Underwriters plan rapid AI ramp-up to cut admin and sharpen risk assessment

Around 70% of underwriters surveyed by professional services firm Accenture expect their work to be affected by artificial intelligence (AI) within three years. Yet, only 14% are currently using AI.

14/01/2026 Perspective

Around 70% of underwriters surveyed by professional services firm Accenture expect their work to be affected by artificial intelligence (AI) within three years. Yet, only 14% are currently using AI.

“We have been doing research like this for 18 years and we’ve never seen underwriters embrace a new technology like this,” says Matthew Madsen, MD and Global Lead for Insurance Operations Transformation at Accenture. The firm surveyed 430 senior underwriters across life, commercial P&C, and personal P&C insurers in 11 countries. Underwriters plan to use AI to improve data quality, reduce admin, enhance risk assessment, speed up submission intake, and modernize policy platforms.

Alongside the surge in AI demand, underwriting is also being transformed by increasing regulatory complexity, rising customer expectations, looming talent shortages, and rising pressure on insurers to grow, says Madsen.

“Underwriters told us there are three factors that will drive investments in their firms: ease of doing business, underwriting quality and talent.”

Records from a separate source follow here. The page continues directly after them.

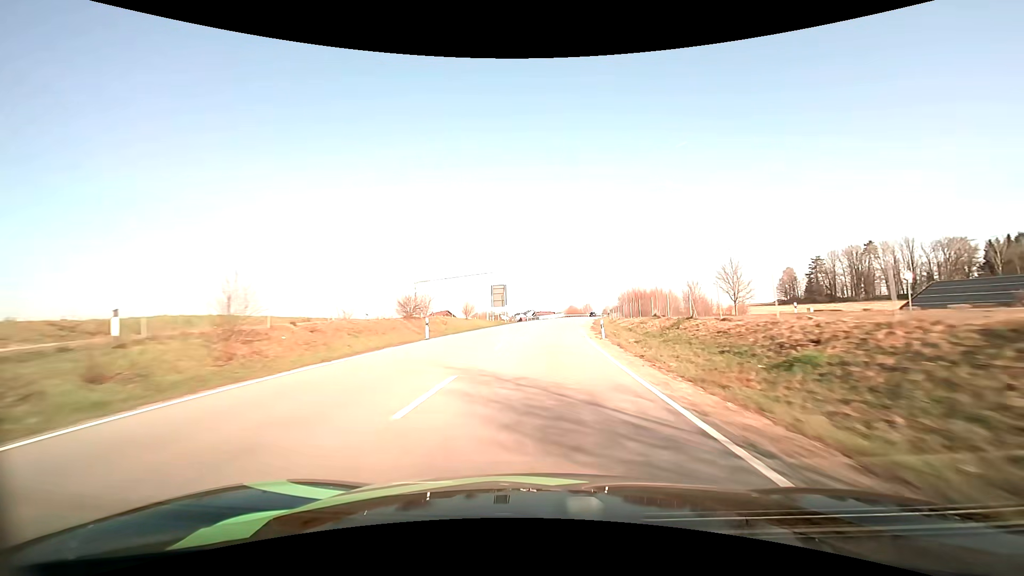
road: primary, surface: asphalt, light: Day
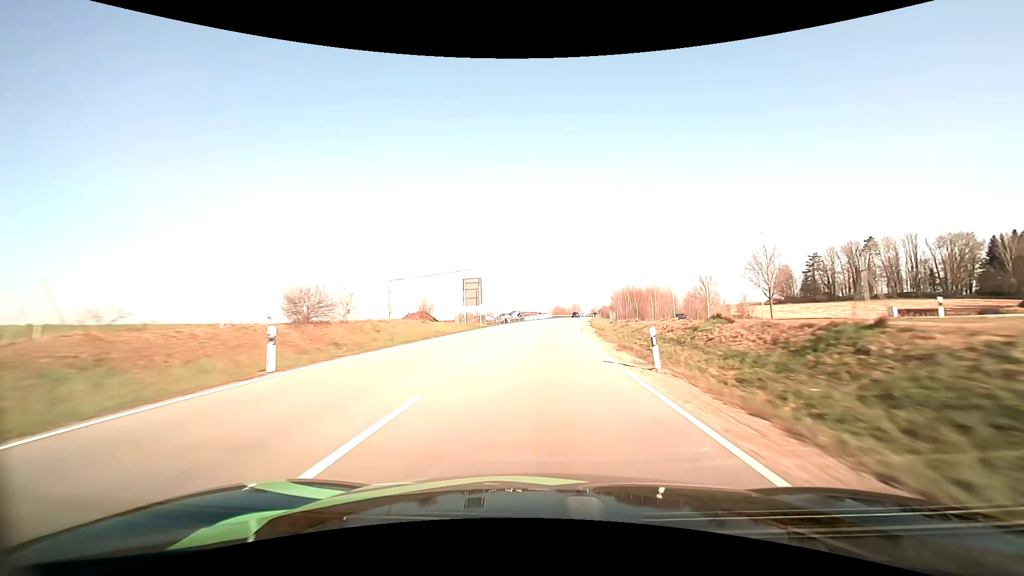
(+0.2, +14.8) m; +2°
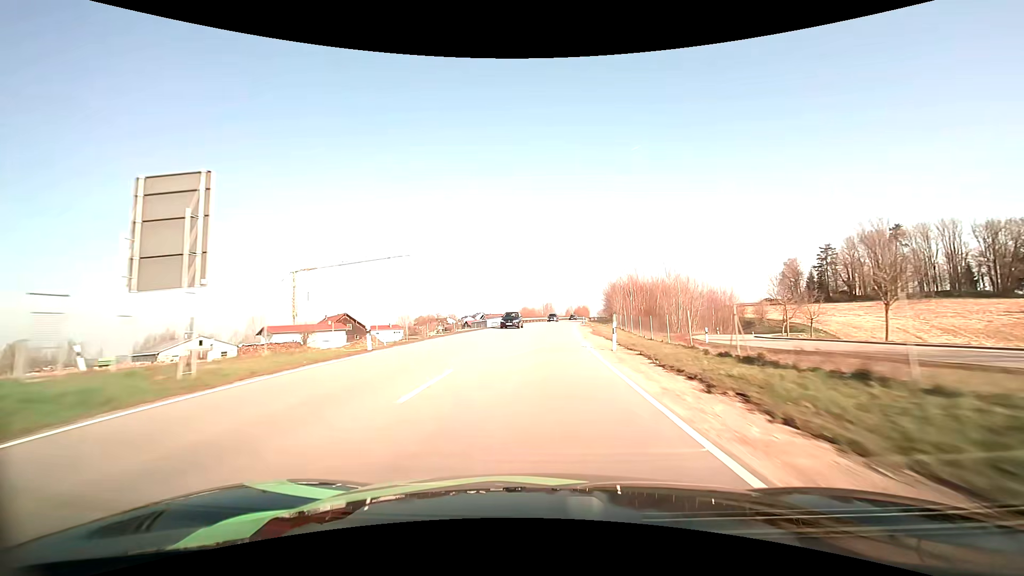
(+1.4, +44.2) m; +4°
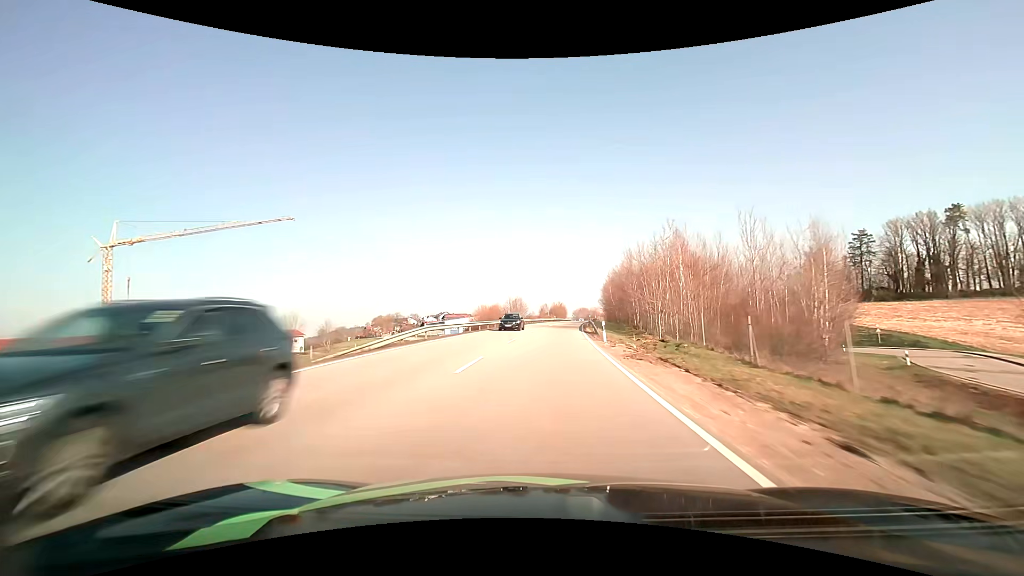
(+1.2, +44.3) m; +3°

Madsen was speaking at a recent online event hosted by the Qorus Insurance Community. The event, which included speakers from AXA, Securian Canada, and Canadian insurtech Foxquilt, examined how AI and automated workflows are changing risk assessment, decision-making, and pricing.

Key takeaways:

  • Underwriters expect AI to affect 70% of their work within three years, even though only 14% use it today.
  • Underwriters plan to use AI to improve data quality, reduce admin, enhance risk assessment, speed up submission intake, and modernize policy platforms.   
  • Increasing regulatory complexity, rising customer expectations, looming talent shortages, and rising pressure on insurers to grow are also driving change in underwriting.
  • AXA is moving beyond pilots by inserting AI into broker submission ingestion, guideline checks, contract comparison, and selected risk factor detection.
  • Securian Canada’s AI guardrails cover privacy, explainability, fairness, and bias controls, delivered through a simple customer experience.
  • Foxquilt’s automated workflow aims to rate, quote, and bind a policy within five minutes and its best time is two minutes and 14 seconds.

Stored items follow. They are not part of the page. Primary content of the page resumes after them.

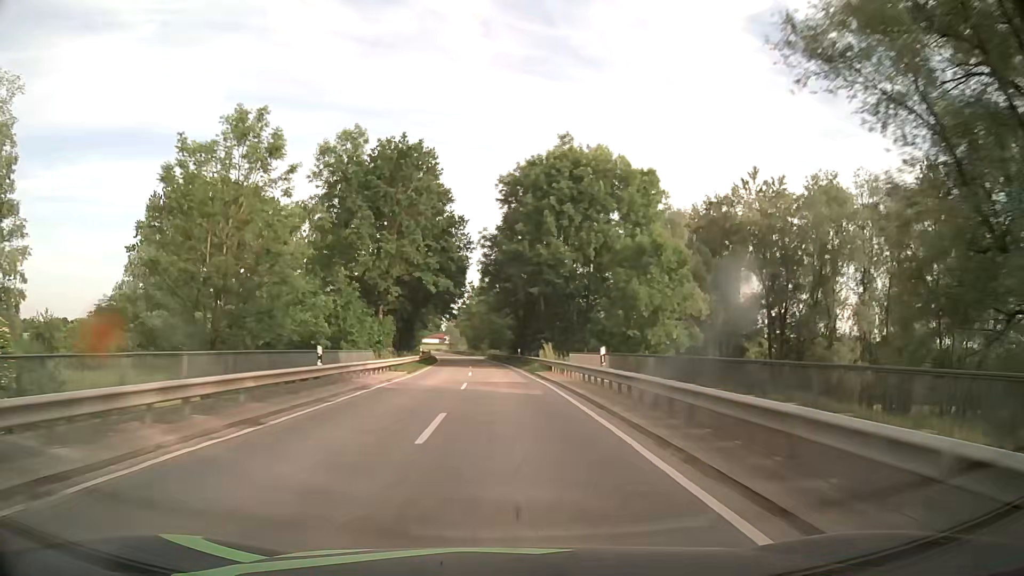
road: tertiary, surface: asphalt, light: Day
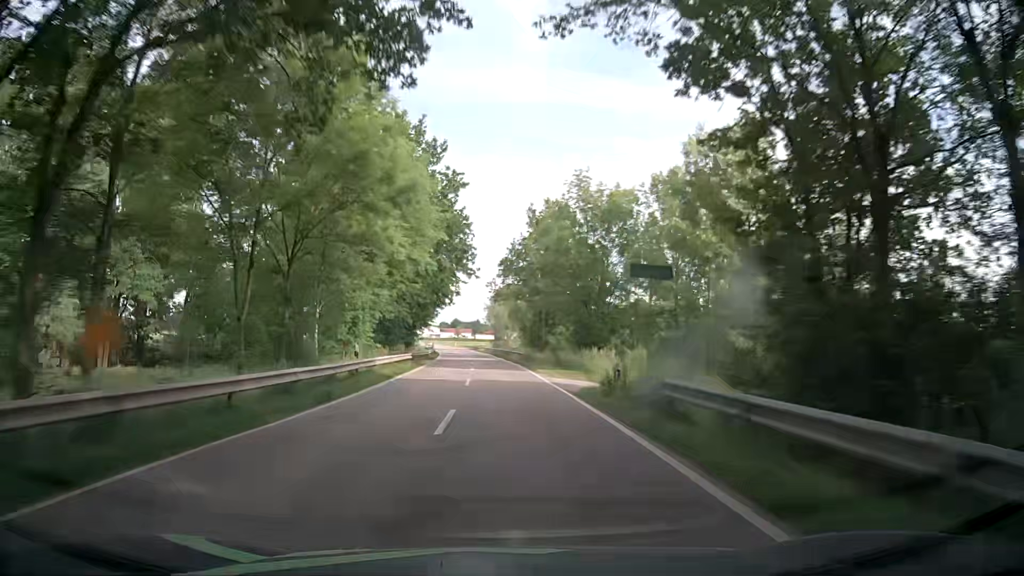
(-3.1, +71.3) m; -5°
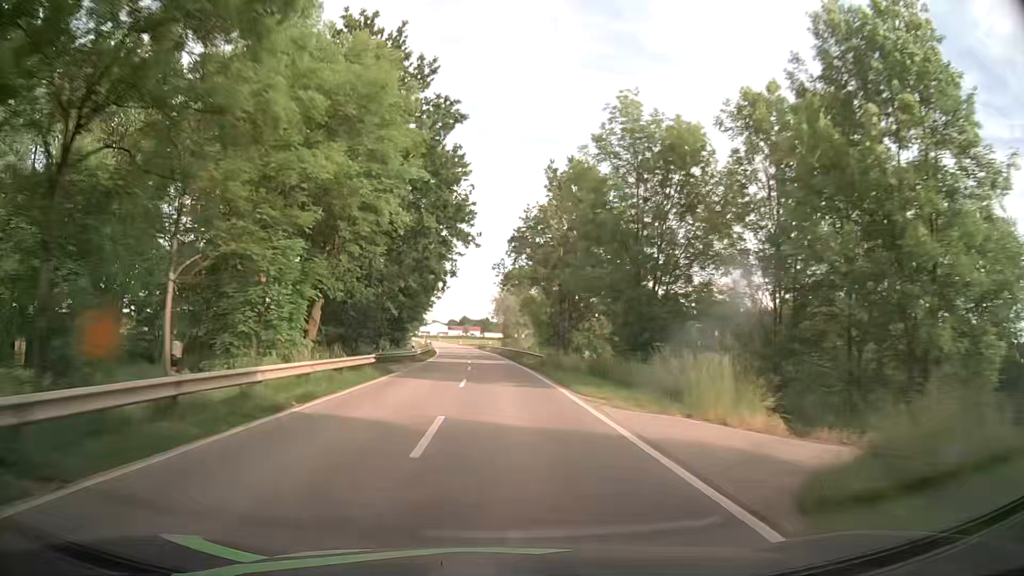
(-0.1, +14.3) m; -1°
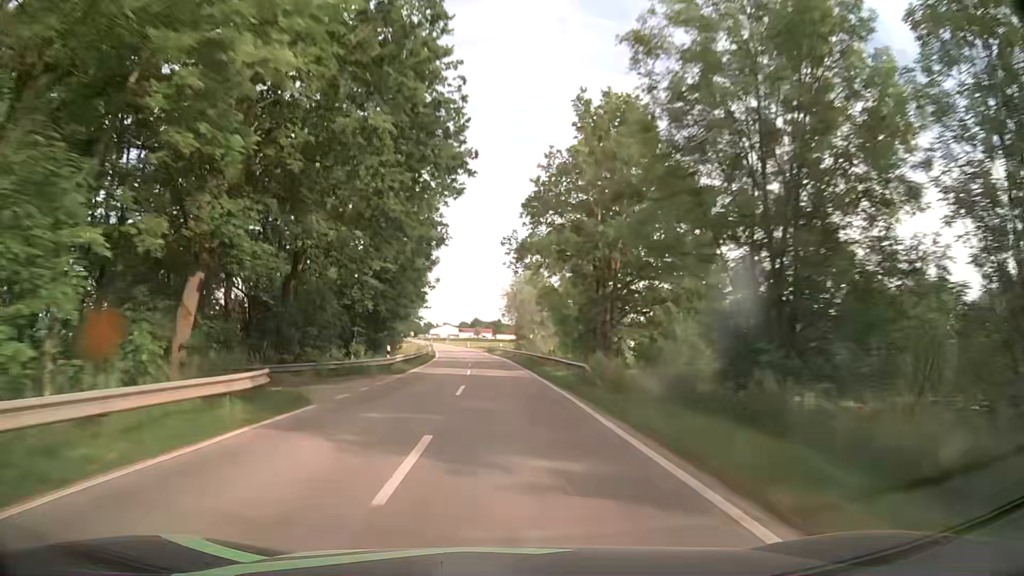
(-0.1, +14.3) m; -1°
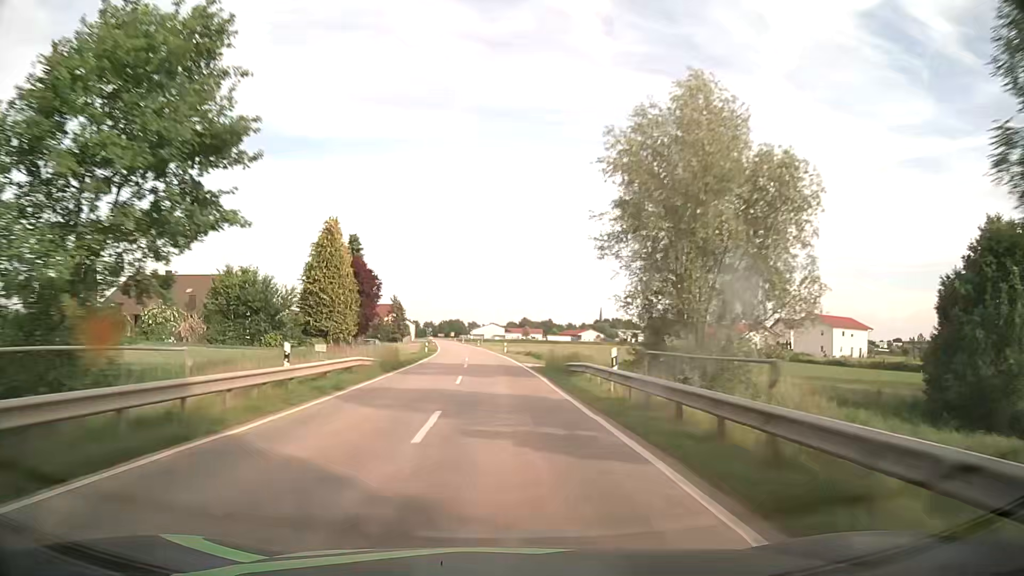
(-1.6, +56.9) m; -4°
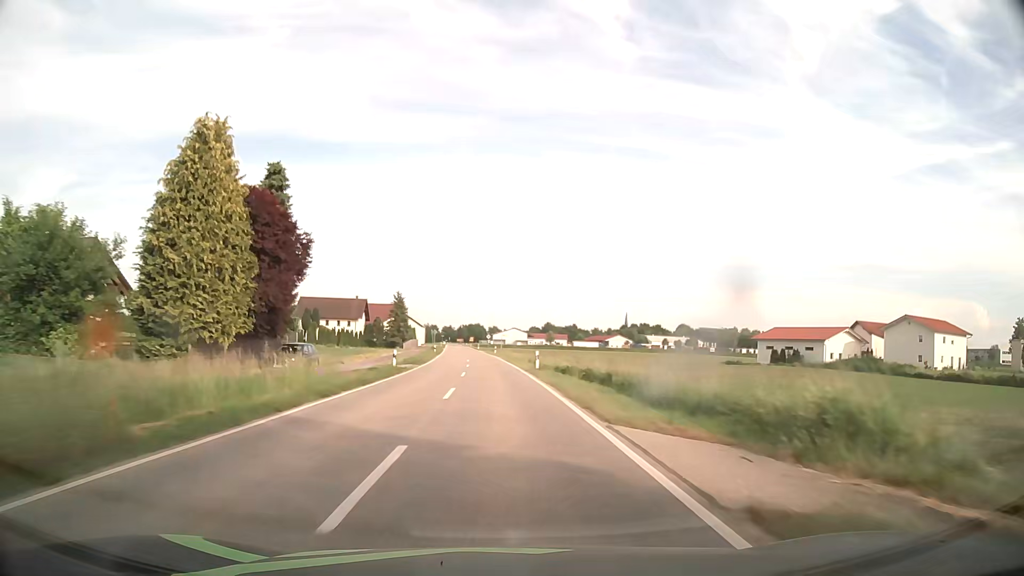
(-0.5, +28.3) m; -2°
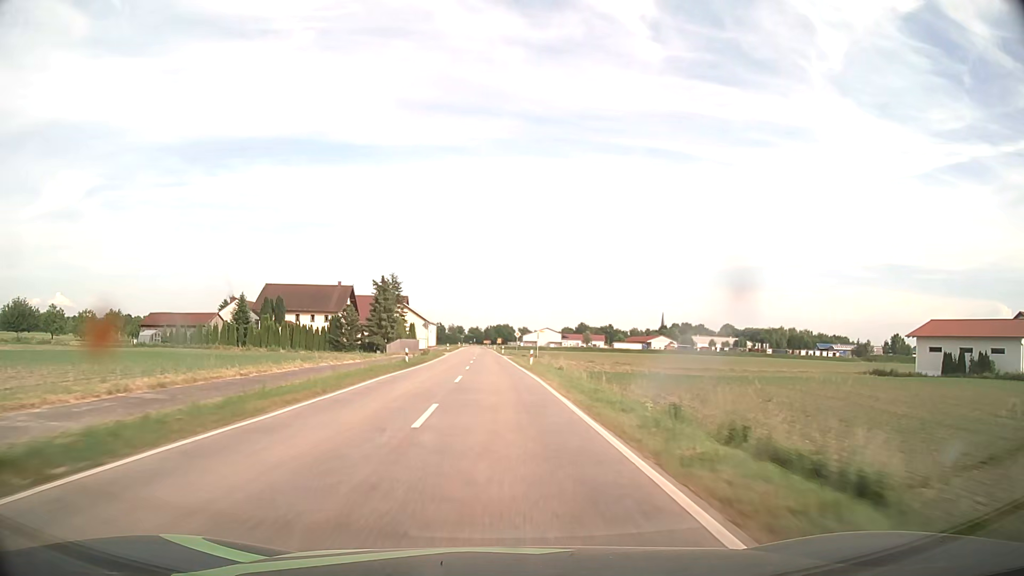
(-0.8, +42.5) m; -2°
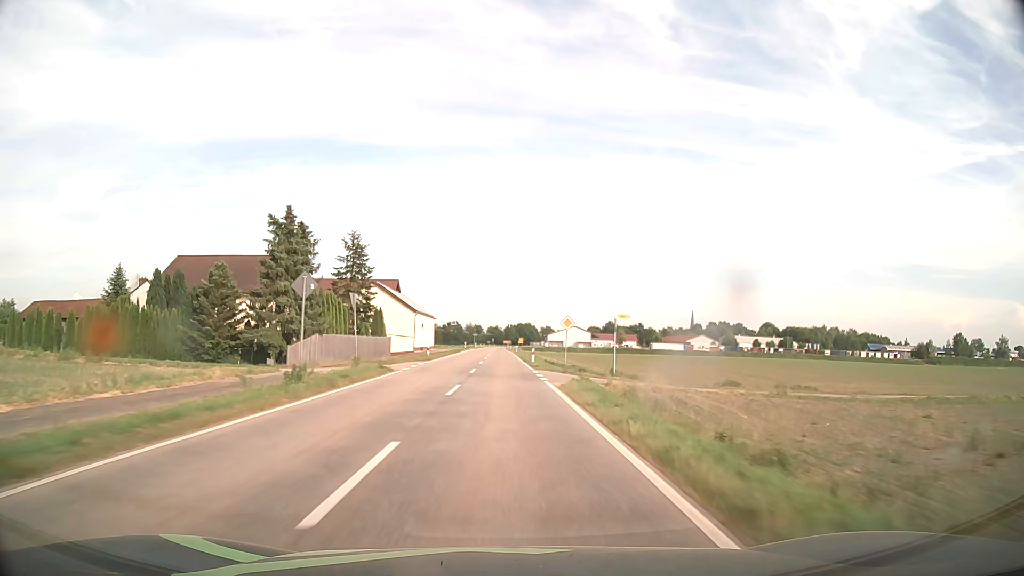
(-0.8, +42.5) m; -2°
(0, +10) (0, +20) (0, +30) (0, +40) (0, +50) (0, +60) (0, +70) (0, +80) (-1, +90) (-1, +100) m

Half the executives polled at the event confirmed their companies are actively transforming their underwriting while 28% reported their firms are partially modernized. Others have yet to start transforming their underwriting.

Check out the event highlights!

 

““The first way is very useful and companies should not shy away from doing it if it's delivering value. But it won't help them capture the full value of AI transformation.”” Yann Bry, Global Head of Business Innovation at AXA

Underwriters burdened by heavy admin demands

Senior underwriters currently spend a third of their time on admin and AI could free them of much of that burden, says Madsen.

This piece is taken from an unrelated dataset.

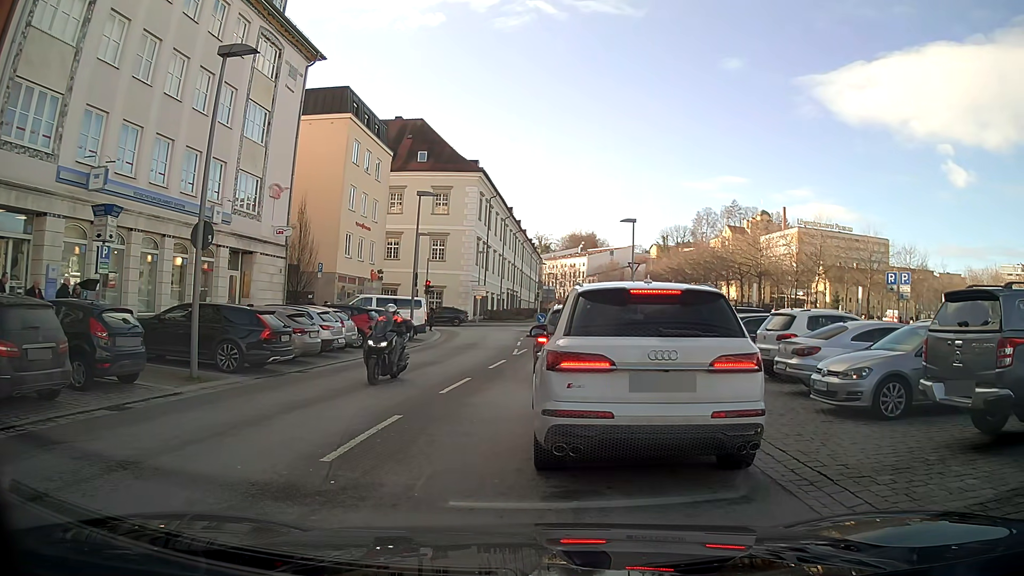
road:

“A senior underwriter should be spending 90% or even 100% of their time on applying their technical expertise, understanding the risk and coming up with the best way to help the client, agent and broker and deploying capacity in the best way possible.”

Multinational insurer AXA has already begun incorporating AI capabilities into the underwriting workflows of many of its operating companies. 

“Everything around broker submissions and ingestion is now being deployed through AI, so underwriters and operations don’t have to spend time working through lengthy PDFs and emails,” says Yann Bry, Global Head of Business Innovation at AXA. 

Bry adds that AXA is also using AI to detect risk factors from policy data, check complex underwriting guidelines, and compare annual broker contracts.

The insurer is using AI to improve its pricing as well. It is employing machine-learning pricing models built by cross-functional teams of actuaries and data scientists and has introduced an automated pricing pipeline to push models into production faster. The company has strengthened its pricing models by pulling in data from additional sources.

Four key lessons from scaling AI

Bry points to four key lessons learned from scaling AI at AXA: 

  • Business not technology must drive change: Start with what underwriters value most, such as cutting admin, to win early buy-in. 
  • Improve data quality and accessibility: Without access to quality data AI implementations cannot succeed. 
  • Prioritize investment by business value: Underwriters should identify business needs and data required so investments target specific outcomes.
  • Align underwriting copilots: AI copilots must fit the needs and readiness of each line of business.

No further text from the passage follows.